Well you know, perhaps I didn’t phrase it in exactly the correct way, but making a suggestion about Tubes in specific positions in the amplifiers, both of which I have significant experience in was totally misconstrued and basically blown off. And then, not even displaying a photo of the actual amplifier, just makes it all the more frustrating. And to receive a somewhat curt response was disappointing.  Really just trying to help.

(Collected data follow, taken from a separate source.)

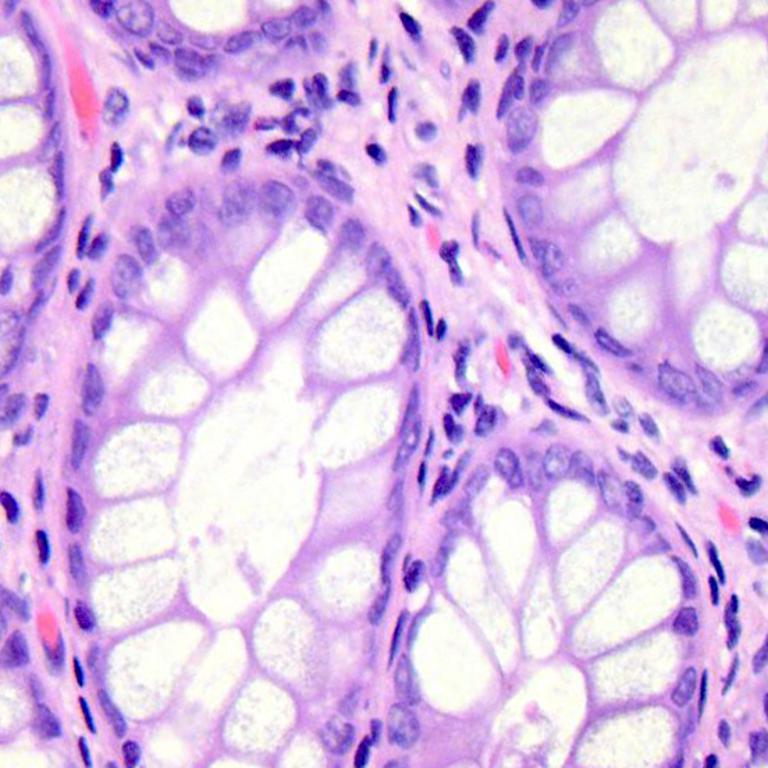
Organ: colon
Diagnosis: benign
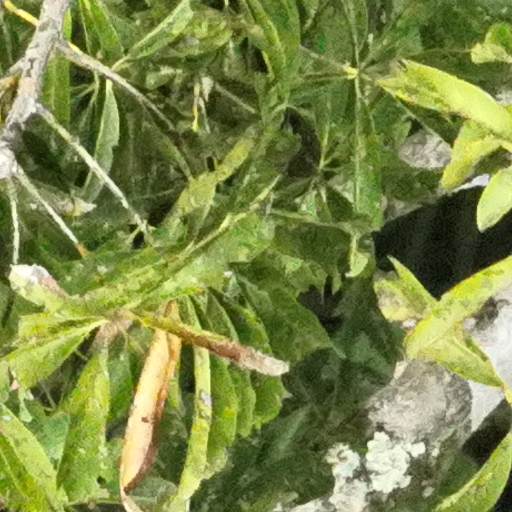
Species: Handroanthus guayacan
GBIF accepted scientific name: Handroanthus guayacan
Crown area (m\u00b2): 263.16
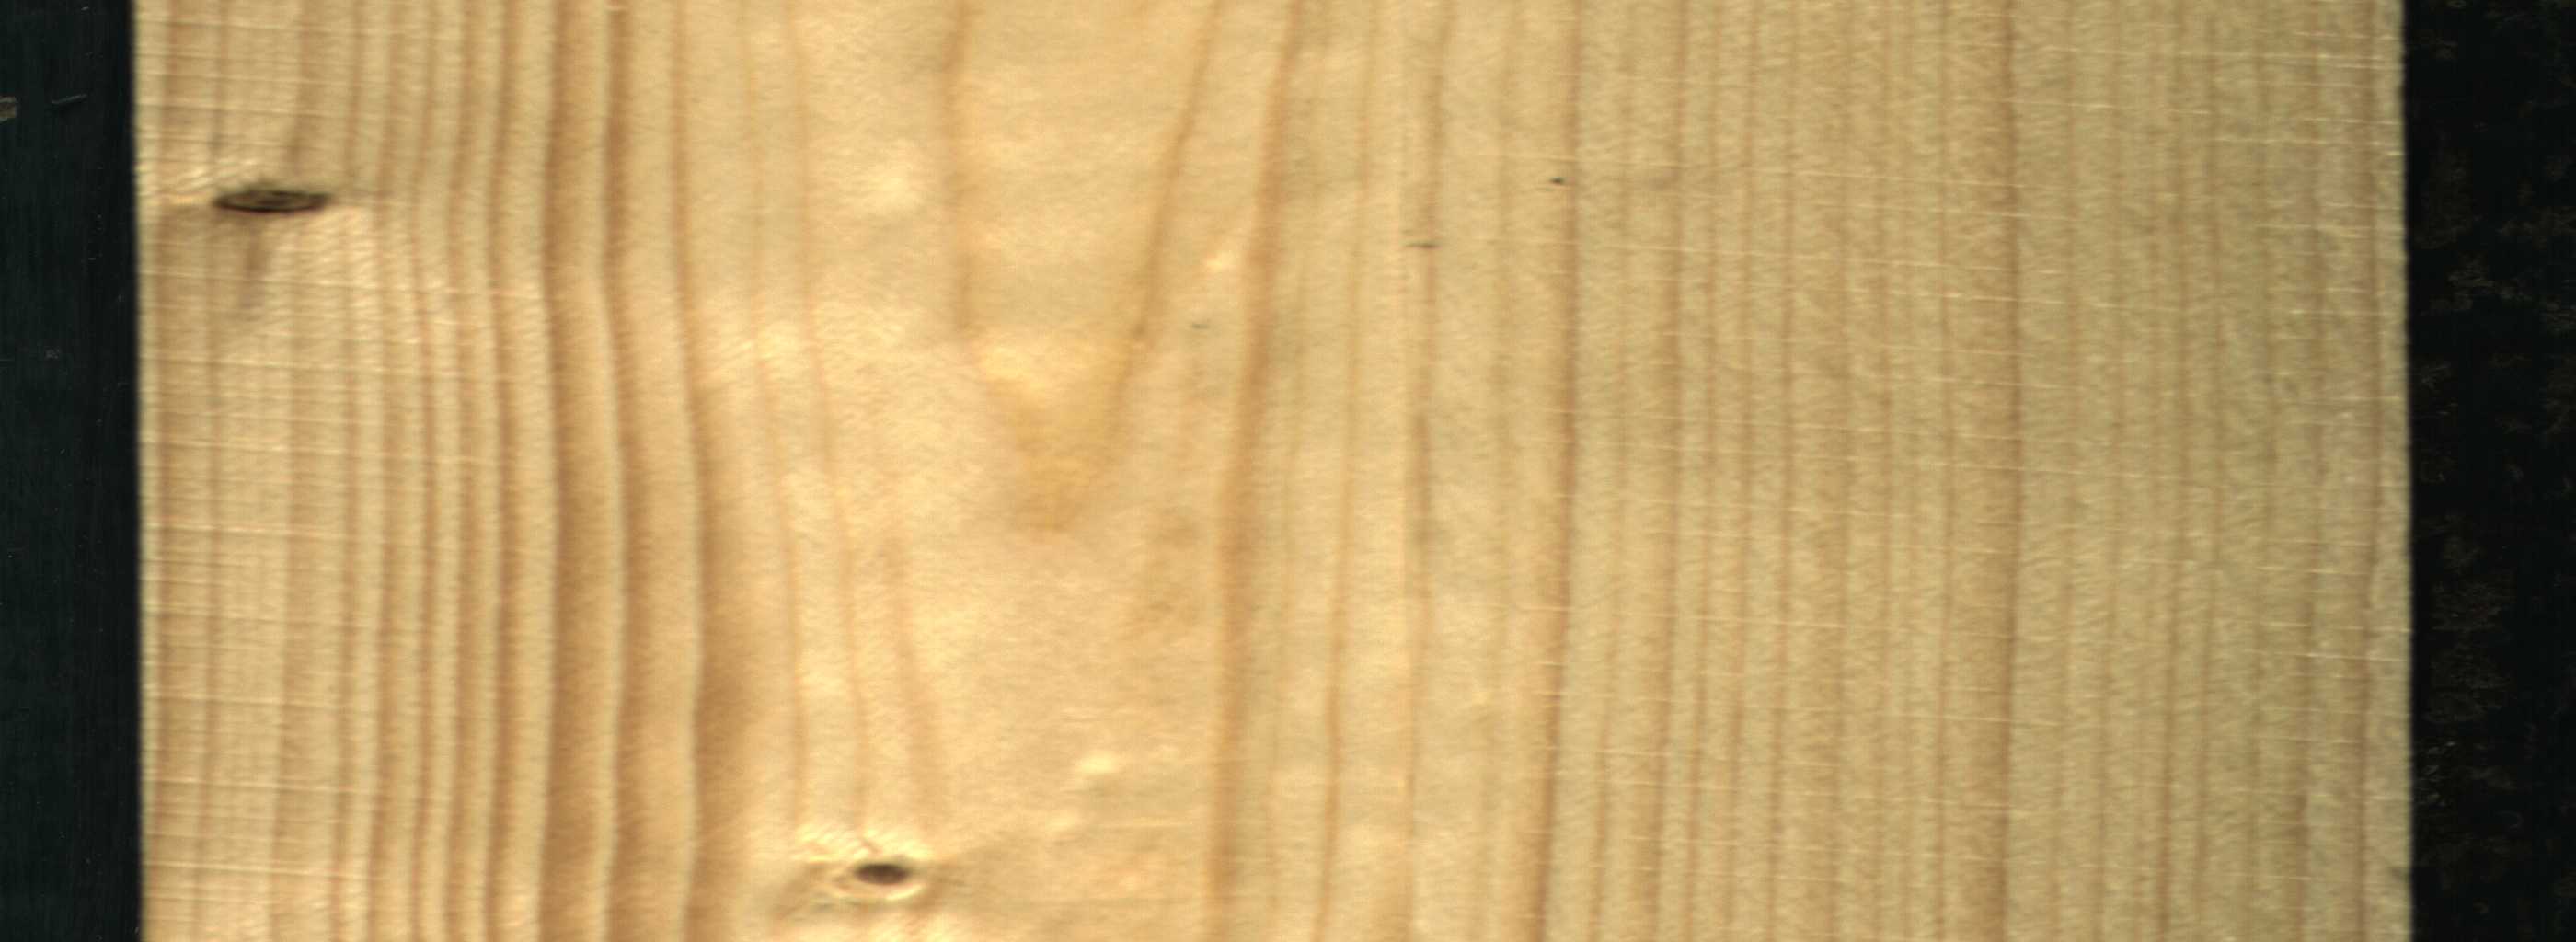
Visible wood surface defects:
Live_Knot
Live_Knot
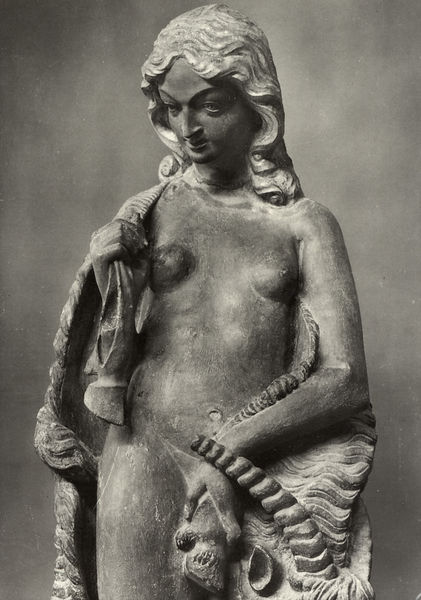
Titel: Voluptas in der Turmvorhalle
Standort: Freiburg
Institution: Münster
Schlagwörter: akt, fuß, hand, haut, kopf, körper, nackt, umhang, weiß, mädchen, brust, busen, frau, frisur, geste, grau, haar, marmor, mund, nase, ohr, schwarz, stirn, blick, tuch, jung, arm, arme, augen, falten, gesicht, halten, lang, schädel, stehen, stein, horn, hände, figur, gewand, haare, mantel, stoff, decke, mutter, borte, gotik, kinn, lippen, locken, schultern, pferd, sack, engel, skulptur, statue, fell, huf, lächeln, brüste, wellen, liebe, kuh, rind, rand, romantik, kissen, büste, glanz, gesenkter blick, nabel, bauch, bildhauerei, faltenwurf, halbakt, plastik, rüsche, bauchnabel, foto, fotografie, photographie, hüften, eva, glaube, nakt, lockig, greifen, schwarzweiß, photo, gotisch, angewinkelt, antik, entblöst, pan, sinnlich, venus, apoll, bock, ziege, aufnahme, fptp, photografie, bedeckung, textilie, nae, schauend, stofff, auchen, kuhhaut, bedekt, dido, frau nackt, mäüdchen, pgotografie, vollskulptur
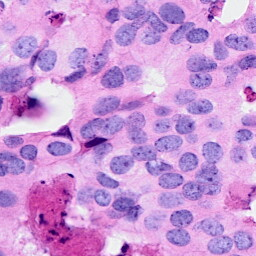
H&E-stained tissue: Breast
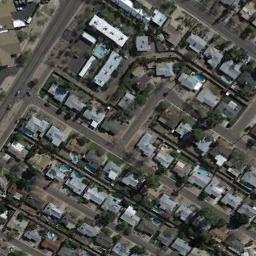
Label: dense_residential

I apologize if my response was taken as curt. I perhaps took your comments as a bit condescending but then again you don't me and I don't know you. In any case, mine was not meant to be.

 

Obviously the tubes in the 240 are correct, so if you were indicating issues with the sample MC30 picture, all you needed to do was specify that. You were a bit vague about what you were referring to.And again, my apologies for the confusion of the picture. I thought it was clear when I put it up that I hadn't yet received the amps ,but I probably could've done a better job as specifying that.  Perhaps you were referring to the types of tubes, brands of tubes, etc., but it wasn't clear. I've been on forums like this for years, including this one, Audiokarma, Hoffman, Audio Asylum,  etc, going back to almost the beginning of some of them. I have learned a lot, and taken and asked for tons of advice. Your advice is as valuable as anybody's, and I welcome it.  And your help is greatly appreciated. So if you feel like clarifying, and expanding on your original comments I'm ready to listen.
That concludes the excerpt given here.